* Task to carry out: Start at the line in the entries below that contains "vitse-prezidenti Mehriban Əliyeva", stop at the line that contains "ဓုရနှစ်ပါး-မဆောင်နိုင်တော့၍ သာသနာတော်၌ ဝင်ခိုလှုံသော်လည်း", and output exactly the lines in that span, both ends included.
*** Records for the exercise Section Begins ***
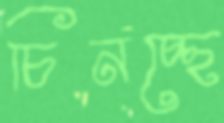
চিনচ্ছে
*** Records for the exercise Section Ends ***
*** Records for the exercise Section Begins ***
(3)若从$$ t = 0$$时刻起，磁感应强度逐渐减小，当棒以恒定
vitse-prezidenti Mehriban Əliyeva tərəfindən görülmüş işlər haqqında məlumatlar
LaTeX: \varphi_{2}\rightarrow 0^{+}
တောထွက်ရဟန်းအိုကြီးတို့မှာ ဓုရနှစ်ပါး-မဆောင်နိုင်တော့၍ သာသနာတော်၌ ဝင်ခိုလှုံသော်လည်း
*** Records for the exercise Section Ends ***
* Expected output:
vitse-prezidenti Mehriban Əliyeva tərəfindən görülmüş işlər haqqında məlumatlar
LaTeX: \varphi_{2}\rightarrow 0^{+}
တောထွက်ရဟန်းအိုကြီးတို့မှာ ဓုရနှစ်ပါး-မဆောင်နိုင်တော့၍ သာသနာတော်၌ ဝင်ခိုလှုံသော်လည်း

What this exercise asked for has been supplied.